The male occupies a vast territory with a flat stone and begins to demonstrate to the passing females all the beauty of its colors with trembling movements. If the female is ready for breeding, she will show interest in his courtship, and together they will go to the spawning grounds.
The female lays eggs in small portions, after which she immediately picks them off. She takes bright spots on the anal fin of the male for eggs that she forgot to collect. The female begins to pull on the male’s anal fin, prompting him to release milk, which gets into her mouth and fertilizes the eggs. The process is repeated several times until all the eggs are swept out and placed in the female’s mouth. The fertility of rusty cichlids, as a rule, is 5-60 eggs.
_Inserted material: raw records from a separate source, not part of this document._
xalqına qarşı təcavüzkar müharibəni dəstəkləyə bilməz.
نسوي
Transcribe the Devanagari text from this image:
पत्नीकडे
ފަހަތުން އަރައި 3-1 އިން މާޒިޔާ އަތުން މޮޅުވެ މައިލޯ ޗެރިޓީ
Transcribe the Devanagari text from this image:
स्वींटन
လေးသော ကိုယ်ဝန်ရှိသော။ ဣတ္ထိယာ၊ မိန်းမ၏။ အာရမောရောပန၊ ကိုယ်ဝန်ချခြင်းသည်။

More About Breeding Rusty Cichlid
The female bears eggs in her mouth for 2-3 weeks. All this time she does not eat anything, and her goiter looks puffy. Due to stress, she can prematurely spit out the offspring or eat it, so if there are a lot of cocky neighbors in the aquarium, then it is recommended to plant the female
Sometimes, after the incubation period, the female may refuse to release the fry. This is fraught with dire consequences for both her and her offspring. As a rule, fully formed fry can be seen in her mouth, trying to get out, but immediately being sucked back by the female. In this case, it is recommended to help the “woman in labor”. To do this, use a basin of water and a toothpick, with which the female’s jaw is folded back. As a rule, the fry swims out on their own. At this moment, the fish should hold tight.
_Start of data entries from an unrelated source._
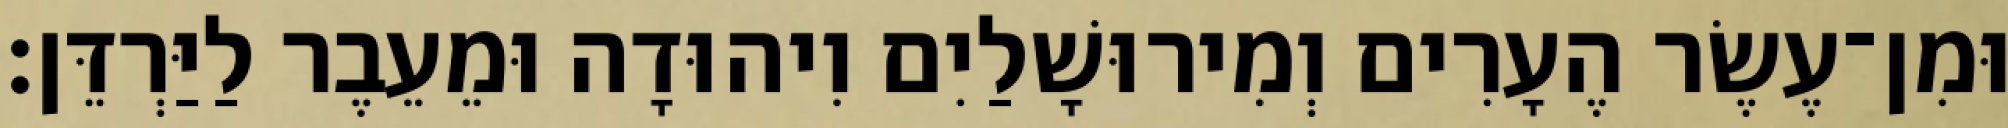
וּמִן־עֶשֶׂר הֶעָרִים וְמִירוּשָׁלַיִם וִיהוּדָה וּמֵעֵבֶר לַיַּרְדֵּן׃
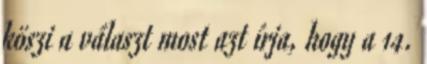
köszi a választ most azt írja, hogy a 14.
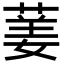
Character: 葁
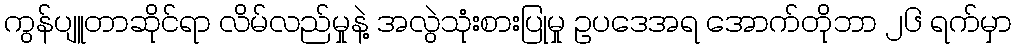
ကွန်ပျူတာဆိုင်ရာ လိမ်လည်မှုနဲ့ အလွဲသုံးစားပြုမှု ဥပဒေအရ အောက်တိုဘာ ၂၆ ရက်မှာ
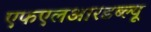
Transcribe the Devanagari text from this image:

In some cases, aquarists “shake out” the producers ahead of schedule, in order to pick up the larvae and raise them on their own. In this case, instead of a toothpick, a tube is used, with which the juveniles are washed out of the female’s oral cavity.
If the incubation is successful, and the babies have grown up, the female spits out the offspring, which immediately begins to feed on its own. During this time, feed them with brine shrimp nauplii or finely crushed flakes containing spirulina. Juveniles grow rapidly and become sexually mature within a few months.
For the safety of the young, we recommend to transplant it from adults into a nursery aquarium.
This wonderful dwarf African cichlid has a restrained temperament, and its size allows it to be kept in small containers. Neighbors need to be selected wisely because this fish cannot always repel especially aggressive cichlids.
Intraspecific aggression is worth mentioning separately. Better to keep a pair or harem with one male and several females. The neighborhood of several males is possible only with large volumes of the aquarium.
The best option for keeping is with other Malawian cichlids from the Mbuna group.
Based on the foregoing, good neighbors for Rusty Cichlid will be:
- Rusty Cichlid other groups: YELLOW, auratus, Lombardo, demasoni etc
- Barbs (except for peaceful ones)
- Kalamoichts and polypters
- Large chain mail catfish
Neighborhood that should not be there:
- Small haracin (neons, tetras, etc.)
- Snails and shrimps.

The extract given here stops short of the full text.